_MATERIALS PROVIDED_

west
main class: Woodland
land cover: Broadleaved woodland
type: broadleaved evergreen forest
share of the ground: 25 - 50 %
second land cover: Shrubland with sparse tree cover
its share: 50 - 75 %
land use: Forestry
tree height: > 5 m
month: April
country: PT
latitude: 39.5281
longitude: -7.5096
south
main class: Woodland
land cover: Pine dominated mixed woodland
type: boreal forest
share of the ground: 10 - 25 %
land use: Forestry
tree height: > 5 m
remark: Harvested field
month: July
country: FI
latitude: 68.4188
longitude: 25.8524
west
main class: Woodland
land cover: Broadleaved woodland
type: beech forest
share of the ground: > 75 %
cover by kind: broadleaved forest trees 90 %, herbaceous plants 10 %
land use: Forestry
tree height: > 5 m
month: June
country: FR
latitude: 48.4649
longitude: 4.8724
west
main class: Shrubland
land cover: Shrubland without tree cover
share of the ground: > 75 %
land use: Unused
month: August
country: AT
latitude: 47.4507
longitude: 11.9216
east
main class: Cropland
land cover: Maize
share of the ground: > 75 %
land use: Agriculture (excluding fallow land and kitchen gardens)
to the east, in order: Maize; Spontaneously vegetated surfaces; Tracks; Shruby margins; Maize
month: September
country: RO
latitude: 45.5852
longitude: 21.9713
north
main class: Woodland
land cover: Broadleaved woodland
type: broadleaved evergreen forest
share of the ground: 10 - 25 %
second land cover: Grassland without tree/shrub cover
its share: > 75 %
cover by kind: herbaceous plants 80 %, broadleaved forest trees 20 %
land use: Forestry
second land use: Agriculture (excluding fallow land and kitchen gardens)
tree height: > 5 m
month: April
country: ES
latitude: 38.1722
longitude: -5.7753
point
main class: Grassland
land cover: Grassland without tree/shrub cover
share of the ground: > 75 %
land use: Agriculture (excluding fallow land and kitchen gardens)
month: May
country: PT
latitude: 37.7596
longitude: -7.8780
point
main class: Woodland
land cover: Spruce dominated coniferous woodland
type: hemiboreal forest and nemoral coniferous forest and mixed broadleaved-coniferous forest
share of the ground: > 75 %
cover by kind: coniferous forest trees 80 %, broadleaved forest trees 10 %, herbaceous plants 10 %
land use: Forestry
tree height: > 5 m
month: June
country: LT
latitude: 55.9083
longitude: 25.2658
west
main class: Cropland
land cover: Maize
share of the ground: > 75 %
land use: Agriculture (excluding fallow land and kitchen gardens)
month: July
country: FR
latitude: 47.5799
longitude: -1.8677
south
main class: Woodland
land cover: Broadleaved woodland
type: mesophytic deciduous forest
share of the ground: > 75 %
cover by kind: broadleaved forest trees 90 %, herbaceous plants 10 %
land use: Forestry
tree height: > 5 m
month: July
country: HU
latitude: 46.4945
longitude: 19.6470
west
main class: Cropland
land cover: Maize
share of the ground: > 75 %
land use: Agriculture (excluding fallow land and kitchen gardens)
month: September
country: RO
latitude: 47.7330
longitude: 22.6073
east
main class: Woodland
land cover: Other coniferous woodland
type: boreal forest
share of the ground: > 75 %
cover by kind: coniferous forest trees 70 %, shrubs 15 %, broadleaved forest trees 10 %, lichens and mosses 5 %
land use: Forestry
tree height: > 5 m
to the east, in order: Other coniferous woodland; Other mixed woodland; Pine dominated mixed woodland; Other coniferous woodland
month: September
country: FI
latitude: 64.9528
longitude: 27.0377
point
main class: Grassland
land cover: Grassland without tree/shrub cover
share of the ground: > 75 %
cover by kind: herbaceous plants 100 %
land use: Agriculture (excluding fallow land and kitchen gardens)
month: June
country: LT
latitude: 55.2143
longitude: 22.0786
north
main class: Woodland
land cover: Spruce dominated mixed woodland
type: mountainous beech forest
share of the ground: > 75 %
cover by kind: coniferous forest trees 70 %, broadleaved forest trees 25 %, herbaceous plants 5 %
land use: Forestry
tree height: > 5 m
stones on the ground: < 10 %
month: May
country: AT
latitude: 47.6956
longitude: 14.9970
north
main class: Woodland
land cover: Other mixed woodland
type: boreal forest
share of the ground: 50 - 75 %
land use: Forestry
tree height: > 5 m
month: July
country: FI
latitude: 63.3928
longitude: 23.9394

_EXERCISE_
Transcribe every entry in the listing, word for word.

_REPLY_
west
main class: Woodland
land cover: Broadleaved woodland
type: broadleaved evergreen forest
share of the ground: 25 - 50 %
second land cover: Shrubland with sparse tree cover
its share: 50 - 75 %
land use: Forestry
tree height: > 5 m
month: April
country: PT
latitude: 39.5281
longitude: -7.5096
south
main class: Woodland
land cover: Pine dominated mixed woodland
type: boreal forest
share of the ground: 10 - 25 %
land use: Forestry
tree height: > 5 m
remark: Harvested field
month: July
country: FI
latitude: 68.4188
longitude: 25.8524
west
main class: Woodland
land cover: Broadleaved woodland
type: beech forest
share of the ground: > 75 %
cover by kind: broadleaved forest trees 90 %, herbaceous plants 10 %
land use: Forestry
tree height: > 5 m
month: June
country: FR
latitude: 48.4649
longitude: 4.8724
west
main class: Shrubland
land cover: Shrubland without tree cover
share of the ground: > 75 %
land use: Unused
month: August
country: AT
latitude: 47.4507
longitude: 11.9216
east
main class: Cropland
land cover: Maize
share of the ground: > 75 %
land use: Agriculture (excluding fallow land and kitchen gardens)
to the east, in order: Maize; Spontaneously vegetated surfaces; Tracks; Shruby margins; Maize
month: September
country: RO
latitude: 45.5852
longitude: 21.9713
north
main class: Woodland
land cover: Broadleaved woodland
type: broadleaved evergreen forest
share of the ground: 10 - 25 %
second land cover: Grassland without tree/shrub cover
its share: > 75 %
cover by kind: herbaceous plants 80 %, broadleaved forest trees 20 %
land use: Forestry
second land use: Agriculture (excluding fallow land and kitchen gardens)
tree height: > 5 m
month: April
country: ES
latitude: 38.1722
longitude: -5.7753
point
main class: Grassland
land cover: Grassland without tree/shrub cover
share of the ground: > 75 %
land use: Agriculture (excluding fallow land and kitchen gardens)
month: May
country: PT
latitude: 37.7596
longitude: -7.8780
point
main class: Woodland
land cover: Spruce dominated coniferous woodland
type: hemiboreal forest and nemoral coniferous forest and mixed broadleaved-coniferous forest
share of the ground: > 75 %
cover by kind: coniferous forest trees 80 %, broadleaved forest trees 10 %, herbaceous plants 10 %
land use: Forestry
tree height: > 5 m
month: June
country: LT
latitude: 55.9083
longitude: 25.2658
west
main class: Cropland
land cover: Maize
share of the ground: > 75 %
land use: Agriculture (excluding fallow land and kitchen gardens)
month: July
country: FR
latitude: 47.5799
longitude: -1.8677
south
main class: Woodland
land cover: Broadleaved woodland
type: mesophytic deciduous forest
share of the ground: > 75 %
cover by kind: broadleaved forest trees 90 %, herbaceous plants 10 %
land use: Forestry
tree height: > 5 m
month: July
country: HU
latitude: 46.4945
longitude: 19.6470
west
main class: Cropland
land cover: Maize
share of the ground: > 75 %
land use: Agriculture (excluding fallow land and kitchen gardens)
month: September
country: RO
latitude: 47.7330
longitude: 22.6073
east
main class: Woodland
land cover: Other coniferous woodland
type: boreal forest
share of the ground: > 75 %
cover by kind: coniferous forest trees 70 %, shrubs 15 %, broadleaved forest trees 10 %, lichens and mosses 5 %
land use: Forestry
tree height: > 5 m
to the east, in order: Other coniferous woodland; Other mixed woodland; Pine dominated mixed woodland; Other coniferous woodland
month: September
country: FI
latitude: 64.9528
longitude: 27.0377
point
main class: Grassland
land cover: Grassland without tree/shrub cover
share of the ground: > 75 %
cover by kind: herbaceous plants 100 %
land use: Agriculture (excluding fallow land and kitchen gardens)
month: June
country: LT
latitude: 55.2143
longitude: 22.0786
north
main class: Woodland
land cover: Spruce dominated mixed woodland
type: mountainous beech forest
share of the ground: > 75 %
cover by kind: coniferous forest trees 70 %, broadleaved forest trees 25 %, herbaceous plants 5 %
land use: Forestry
tree height: > 5 m
stones on the ground: < 10 %
month: May
country: AT
latitude: 47.6956
longitude: 14.9970
north
main class: Woodland
land cover: Other mixed woodland
type: boreal forest
share of the ground: 50 - 75 %
land use: Forestry
tree height: > 5 m
month: July
country: FI
latitude: 63.3928
longitude: 23.9394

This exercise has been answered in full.